Your Terms: robots.txt, indexing, sitemap.xml

A space is private until you opt in. If you have not authored a robots.txt, the platform synthesizes a deny-everyone default on GET /robots.txt:

User-agent: *
Disallow: /

So a half-built space isn't indexed before it's ready. To open up, write your own robots.txt — it is served verbatim off R2 and always wins over the default. Your job flips from "write robots.txt to lock things down" to "write robots.txt to open up when production is ready to be indexed."

What the platform does for you:

Synthesizes a deny-all robots.txt only when you haven't authored one. The moment you publish your own public/robots.txt, it takes over (the default applies only on the miss). The synthesized response is tagged X-Unfolder-Robots: default-deny so you can tell it apart from an authored file.
Never stamps indexability onto your pages. Page responses carry no X-Robots-Tag — what your worker/assets serve is what the visitor sees. (Caveat: a zone-level operator setting such as Cloudflare's Managed robots.txt or AI Crawl Control can override at the edge, ahead of the worker — outside this repo. For the worker-served robots.txt to be honored verbatim, those must be off for the production hostname.)

Opening up — author your `robots.txt`

Save it under public/ (or the workspace root — either works for a .txt). It's a static asset, served straight off R2 by handleAssetRequest; the worker is never invoked for it.

# Open to search engines and AI/LLM crawlers.
User-agent: *
Allow: /

# Content Signals (https://contentsignals.org) — explicit consent for AI use.
#   search=yes   — appear in search results
#   ai-input=yes — AI assistants may use this page when answering questions
#   ai-train=yes — this content may be used to train AI models
# Use `no` instead of `yes` to deny any signal.
Content-Signal: search=yes, ai-input=yes, ai-train=yes

Sitemap: https://<your-space-slug>.unfolder.space/sitemap.xml

For a custom domain, swap the host in the Sitemap: line.

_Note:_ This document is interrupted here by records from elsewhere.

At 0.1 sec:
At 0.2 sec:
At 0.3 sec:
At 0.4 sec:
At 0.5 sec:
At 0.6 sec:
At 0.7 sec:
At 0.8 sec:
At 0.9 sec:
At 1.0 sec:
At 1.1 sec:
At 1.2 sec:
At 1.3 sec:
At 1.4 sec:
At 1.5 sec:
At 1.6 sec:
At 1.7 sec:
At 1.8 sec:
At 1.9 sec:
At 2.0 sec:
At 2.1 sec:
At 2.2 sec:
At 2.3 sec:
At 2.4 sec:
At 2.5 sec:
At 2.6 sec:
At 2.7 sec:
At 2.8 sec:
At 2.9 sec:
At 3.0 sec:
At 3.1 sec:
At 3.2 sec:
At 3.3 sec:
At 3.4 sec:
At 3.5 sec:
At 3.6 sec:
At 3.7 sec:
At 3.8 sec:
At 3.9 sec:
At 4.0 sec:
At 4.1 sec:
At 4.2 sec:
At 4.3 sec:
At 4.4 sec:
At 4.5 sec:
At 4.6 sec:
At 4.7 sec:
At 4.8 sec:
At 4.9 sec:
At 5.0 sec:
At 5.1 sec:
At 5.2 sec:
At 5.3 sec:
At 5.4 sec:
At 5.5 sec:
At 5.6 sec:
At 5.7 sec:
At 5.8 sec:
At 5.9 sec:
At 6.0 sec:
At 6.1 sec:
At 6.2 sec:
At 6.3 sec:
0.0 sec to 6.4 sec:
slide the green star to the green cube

Deny AI training but still appear in search results:

User-agent: *
Allow: /
Content-Signal: search=yes, ai-input=yes, ai-train=no
Sitemap: https://<your-space-slug>.unfolder.space/sitemap.xml

Keep the space fully private (the same as authoring nothing, but explicit):

User-agent: *
Disallow: /

When to open up

Leave the deny-all default in place while the space is a work in progress — search engines and AI crawlers stay out, and you have no stale entries to clean up later. Author your own robots.txt once production is real (real content, real URLs you want indexed). Until you do, the space stays private by default.

Authoring `sitemap.xml`

Two approaches, pick the one that fits your site.

Static — save the file

Simple, perfect for content that changes when you publish.

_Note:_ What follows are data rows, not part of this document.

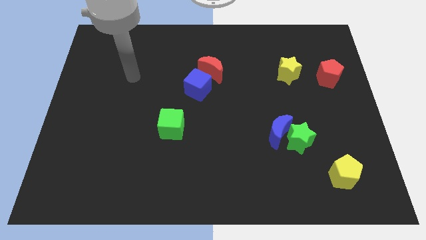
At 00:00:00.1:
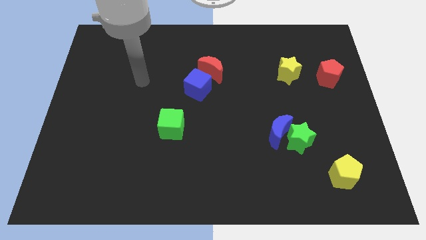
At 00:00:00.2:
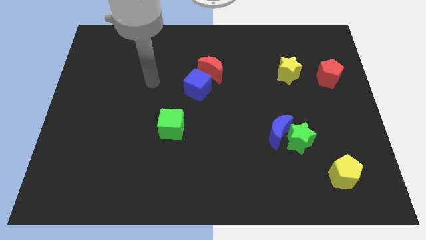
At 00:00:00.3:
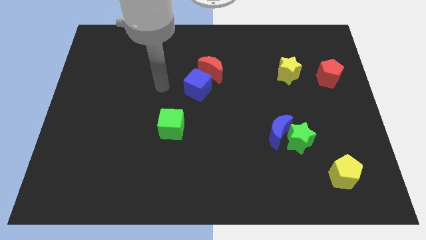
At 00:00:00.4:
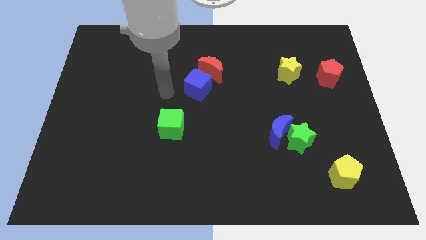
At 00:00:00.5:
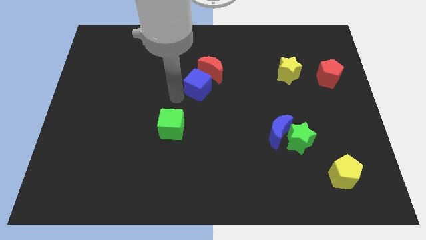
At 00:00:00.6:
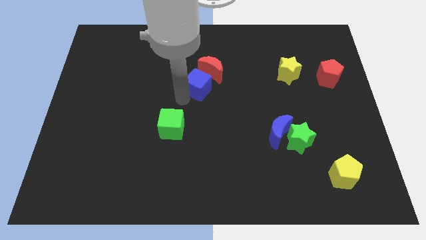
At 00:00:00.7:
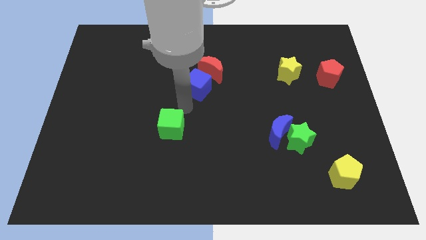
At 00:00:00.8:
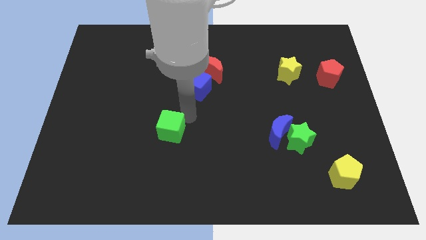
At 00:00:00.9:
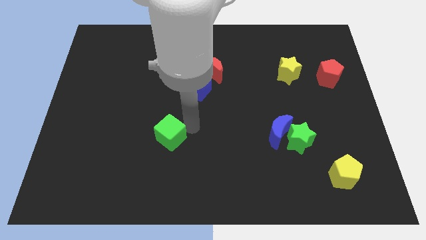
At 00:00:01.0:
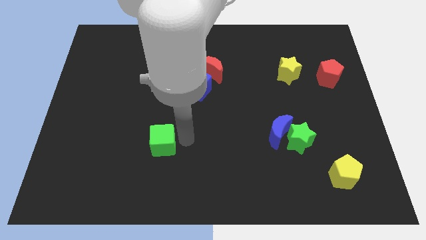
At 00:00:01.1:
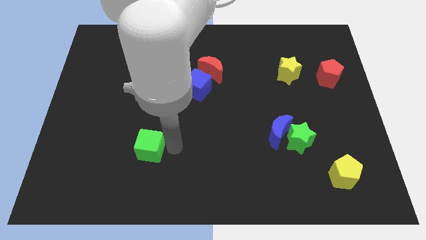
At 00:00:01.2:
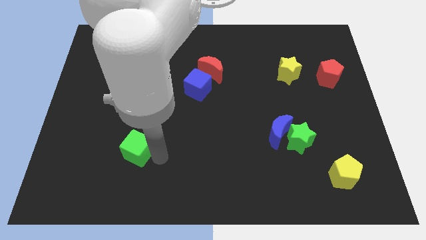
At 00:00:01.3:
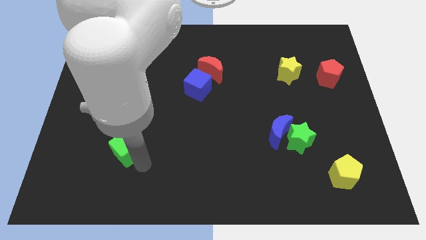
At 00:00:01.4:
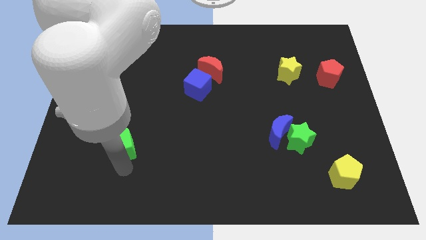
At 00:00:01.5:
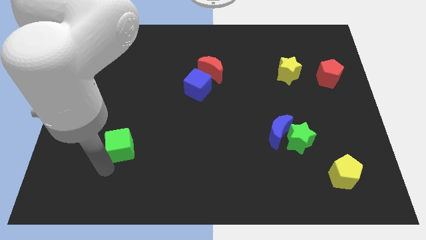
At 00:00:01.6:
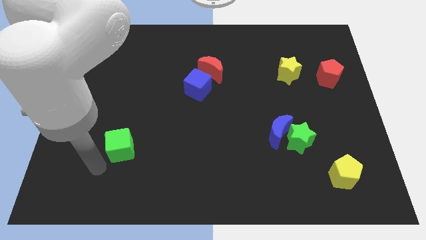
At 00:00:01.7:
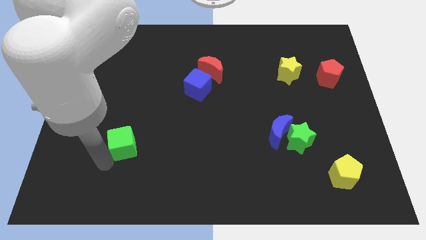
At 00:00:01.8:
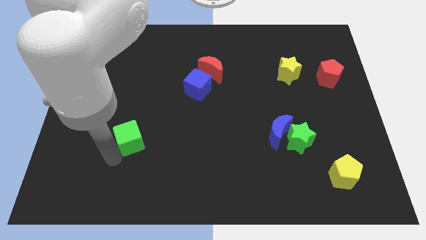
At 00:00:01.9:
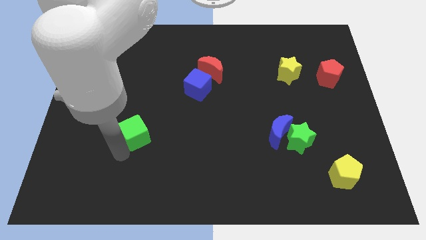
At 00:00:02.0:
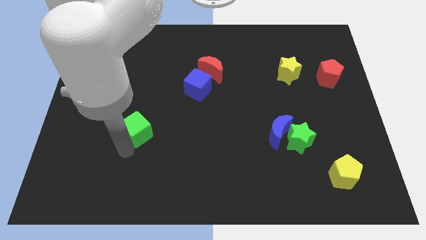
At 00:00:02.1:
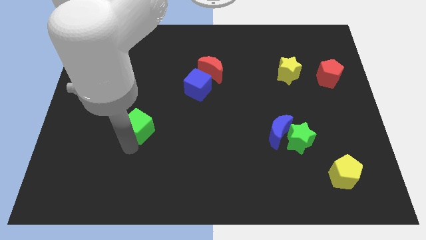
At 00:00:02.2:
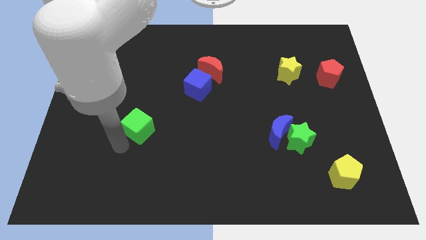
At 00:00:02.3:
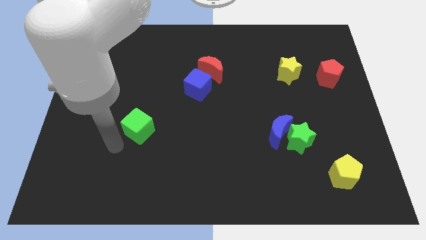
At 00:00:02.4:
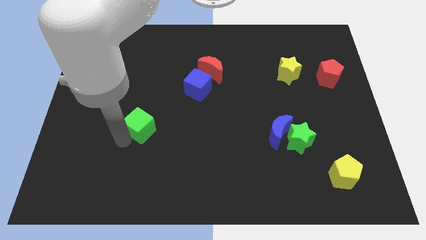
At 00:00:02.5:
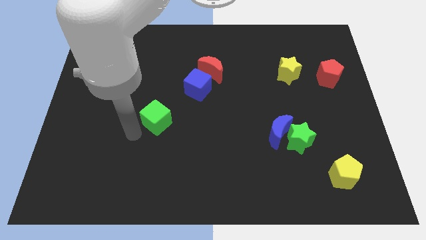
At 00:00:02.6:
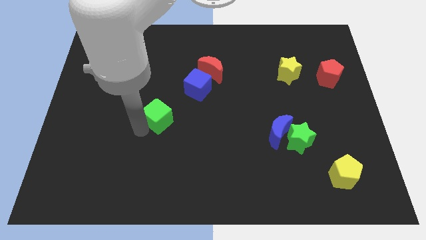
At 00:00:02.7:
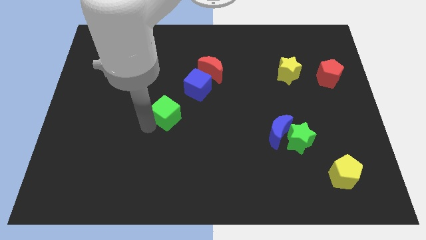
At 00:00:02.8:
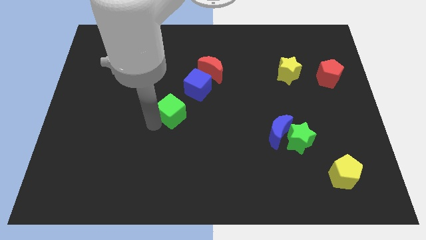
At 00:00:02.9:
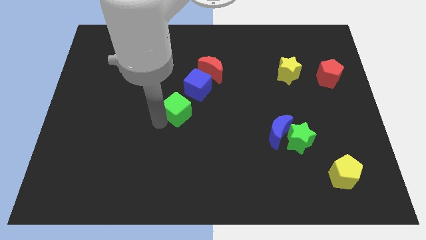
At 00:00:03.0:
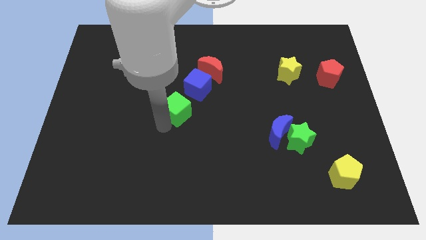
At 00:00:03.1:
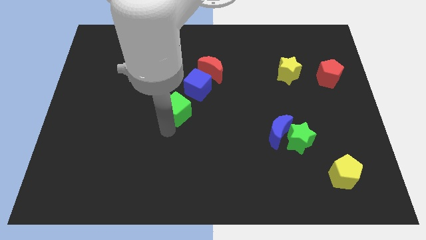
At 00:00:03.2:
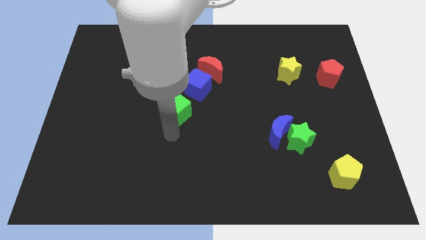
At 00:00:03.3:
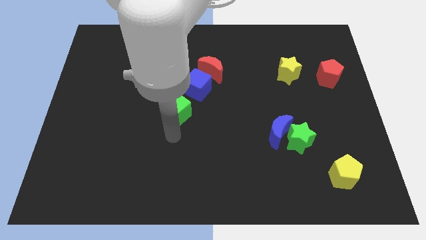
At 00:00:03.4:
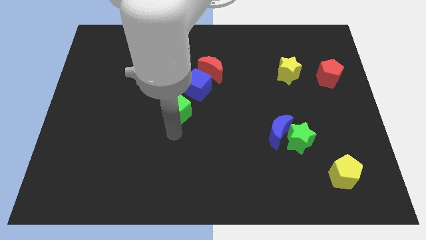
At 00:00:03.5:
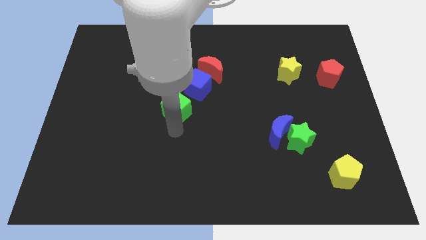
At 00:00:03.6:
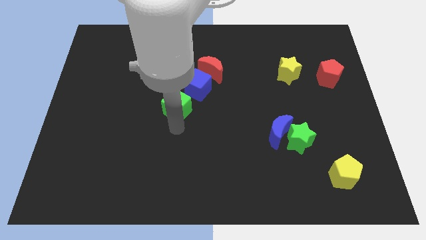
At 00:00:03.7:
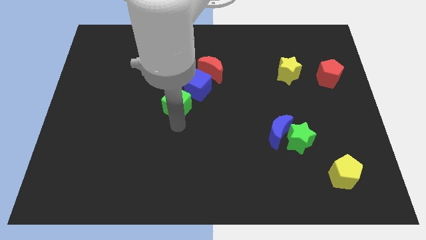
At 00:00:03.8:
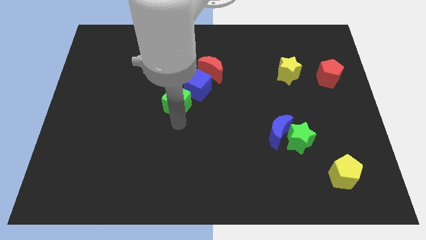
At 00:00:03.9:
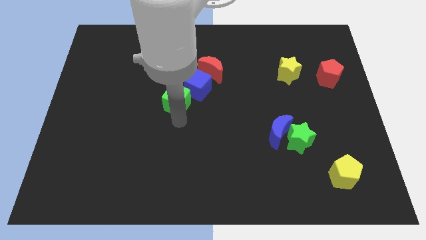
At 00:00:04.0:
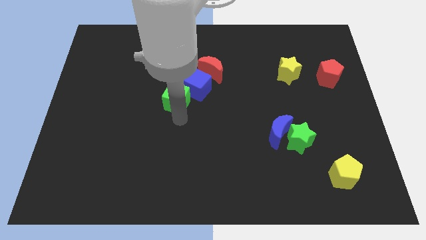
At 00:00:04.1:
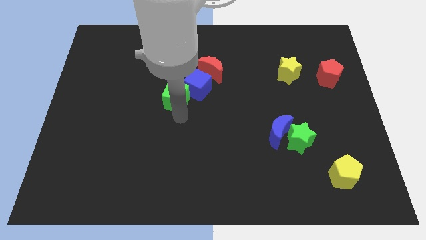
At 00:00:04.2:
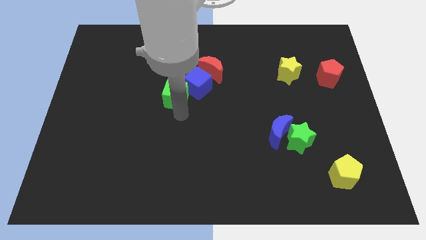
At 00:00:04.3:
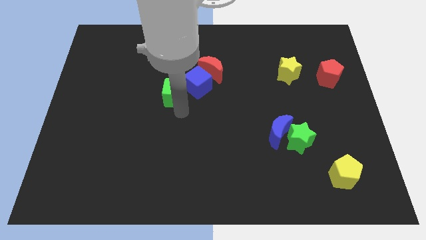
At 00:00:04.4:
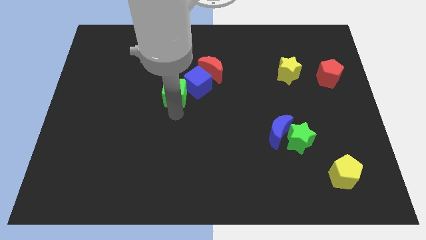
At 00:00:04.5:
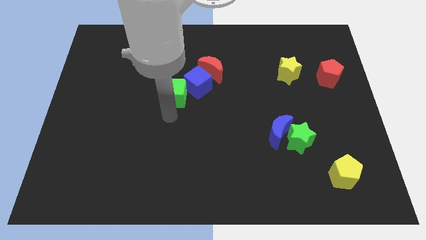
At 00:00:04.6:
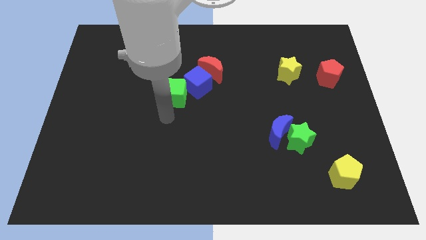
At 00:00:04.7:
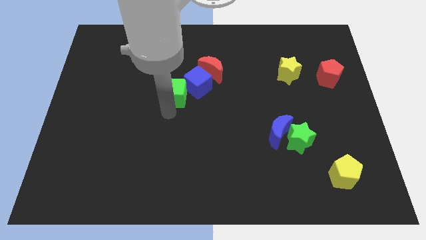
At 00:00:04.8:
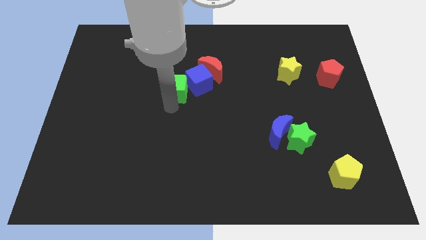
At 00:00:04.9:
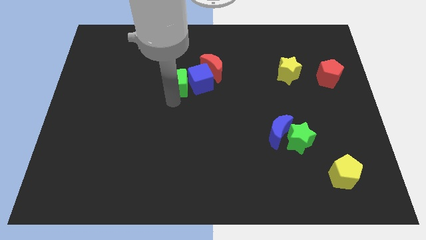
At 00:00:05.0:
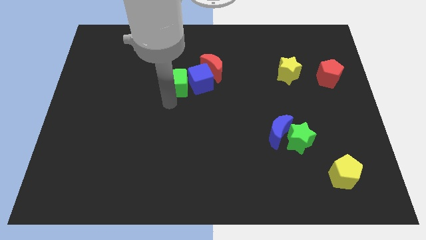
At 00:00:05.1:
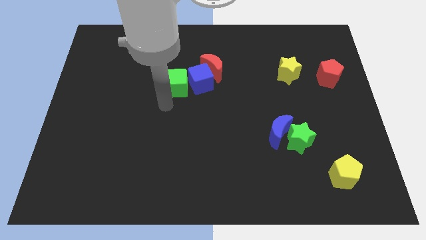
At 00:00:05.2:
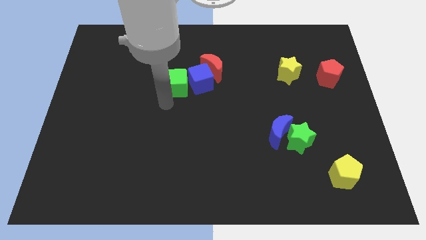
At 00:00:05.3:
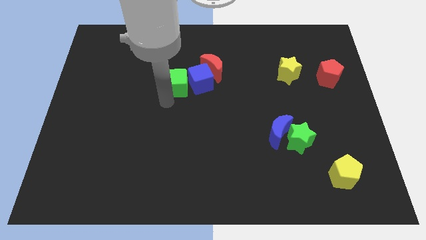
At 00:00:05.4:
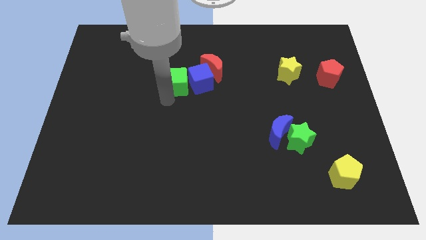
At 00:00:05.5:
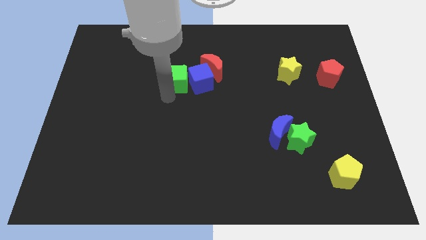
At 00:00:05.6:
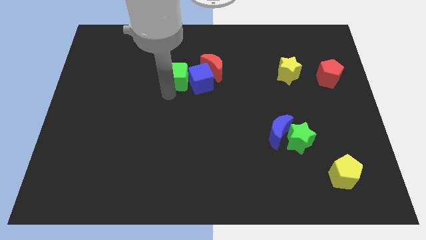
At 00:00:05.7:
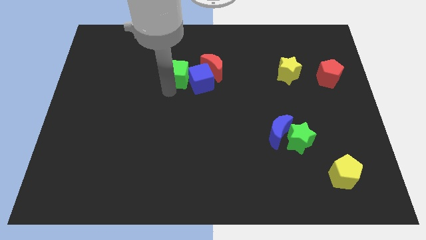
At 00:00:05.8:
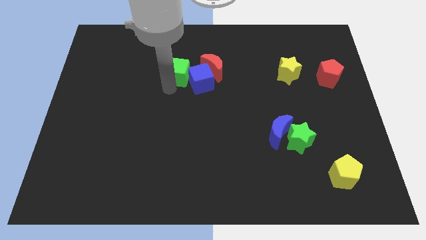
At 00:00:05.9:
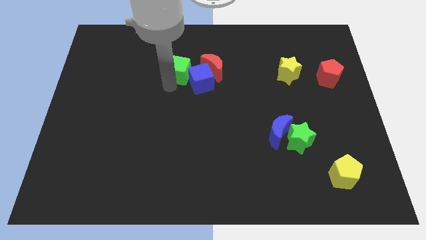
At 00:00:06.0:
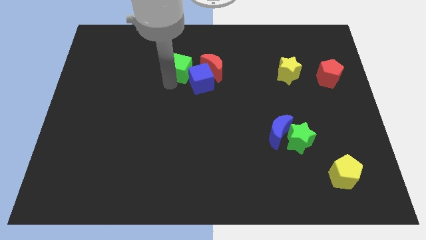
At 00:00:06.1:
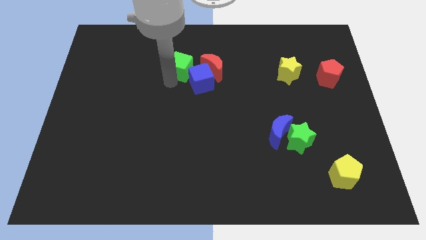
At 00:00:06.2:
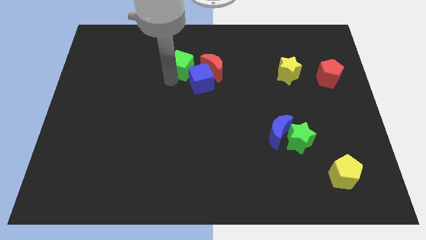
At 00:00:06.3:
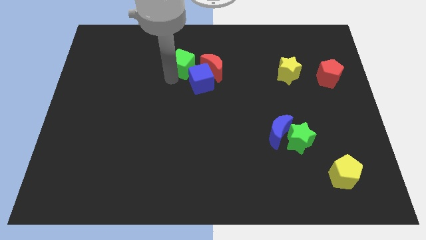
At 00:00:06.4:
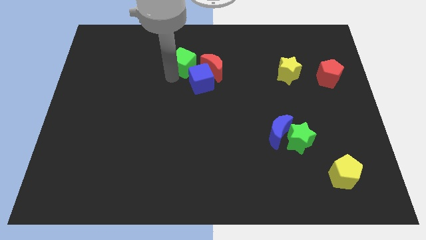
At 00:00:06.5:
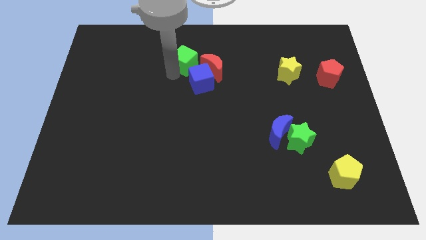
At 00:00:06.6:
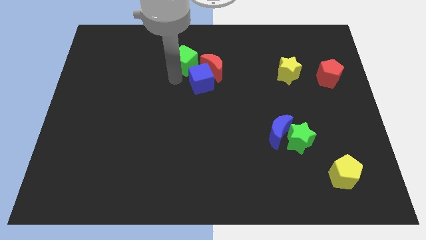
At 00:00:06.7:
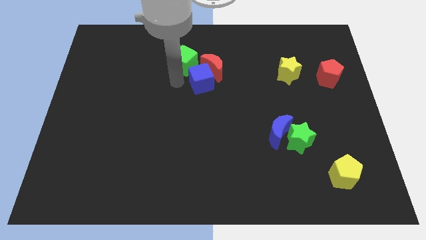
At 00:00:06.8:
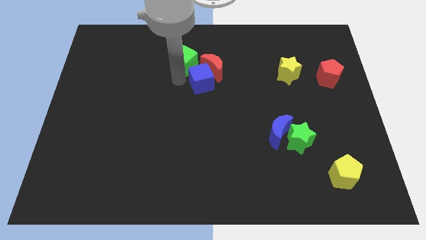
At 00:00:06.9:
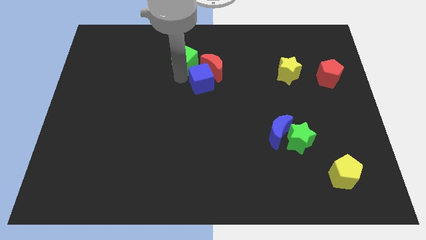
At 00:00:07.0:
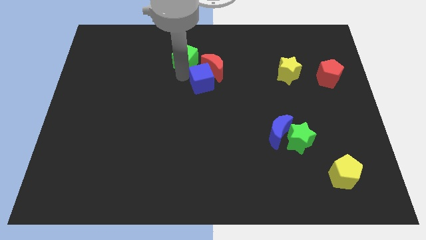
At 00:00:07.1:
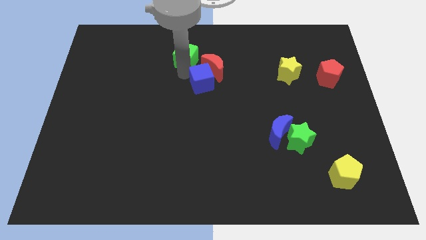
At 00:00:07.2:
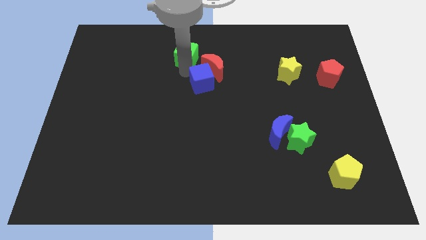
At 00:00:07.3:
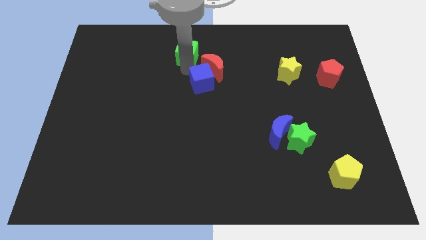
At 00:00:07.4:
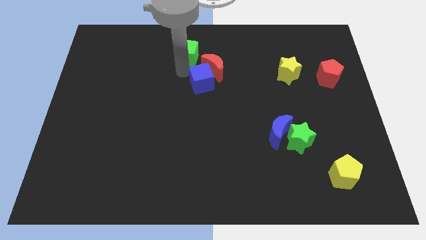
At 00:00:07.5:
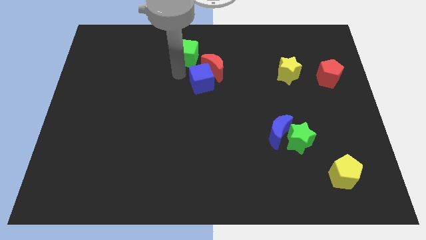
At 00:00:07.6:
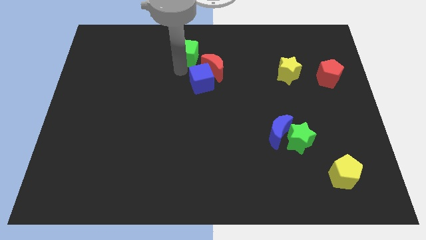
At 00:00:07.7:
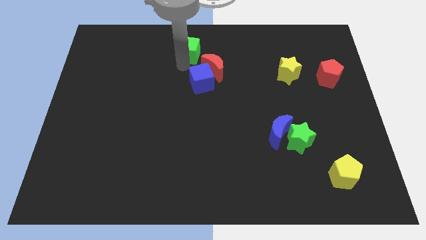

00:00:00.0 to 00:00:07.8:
put the green cube to the top side

<?xml version="1.0" encoding="UTF-8"?>
<urlset xmlns="http://www.sitemaps.org/schemas/sitemap/0.9">
	<url><loc>https://<your-space-slug>.unfolder.space/</loc></url>
	<url><loc>https://<your-space-slug>.unfolder.space/about</loc></url>
	<url><loc>https://<your-space-slug>.unfolder.space/work/portrait-series</loc></url>
</urlset>

Dynamic — generate it in your `App` worker

If your URLs come from data (e.g. blog posts in durable-sqlite), match /sitemap.xml in App.fetch and return XML built from your data. Don't ship a static sitemap.xml in this case — the static asset would shadow the worker route.

async fetch(request: Request) {
	const url = new URL(request.url);
	if (url.pathname === "/sitemap.xml") {
		const slugs = await this.listPostSlugs();
		const urls = ["/", "/blog/", ...slugs.map((s) => `/blog/${s}`)]
			.map((p) => `\t<url><loc>${url.origin}${p}</loc></url>`)
			.join("\n");
		return new Response(
			`<?xml version="1.0" encoding="UTF-8"?>\n<urlset xmlns="http://www.sitemaps.org/schemas/sitemap/0.9">\n${urls}\n</urlset>\n`,
			{ headers: { "content-type": "application/xml; charset=utf-8" } },
		);
	}
	// ...
}

A worker can also serve robots.txt dynamically the same way — match /robots.txt in App.fetch and return it. A worker-served robots.txt wins over the synthesized default too (the default only applies when nothing answers).

Verifying

After publish, fetch the production host:

https://<your-space-slug>.unfolder.space/robots.txt — yours if authored, else the deny-all default (look for X-Unfolder-Robots: default-deny).
https://<your-space-slug>.unfolder.space/sitemap.xml

Reference: file placement

robots.txt and sitemap.xml are ordinary static assets. Per unfolder://docs/bundling, anything under public/ is served as a static asset (prefix stripped), and at the workspace root anything that isn't .ts/.tsx/.js/.jsx/.json is too — so saving them under public/ (or at the root) is enough, no config needed. Binary belongs in media; web text like robots.txt belongs in the workspace.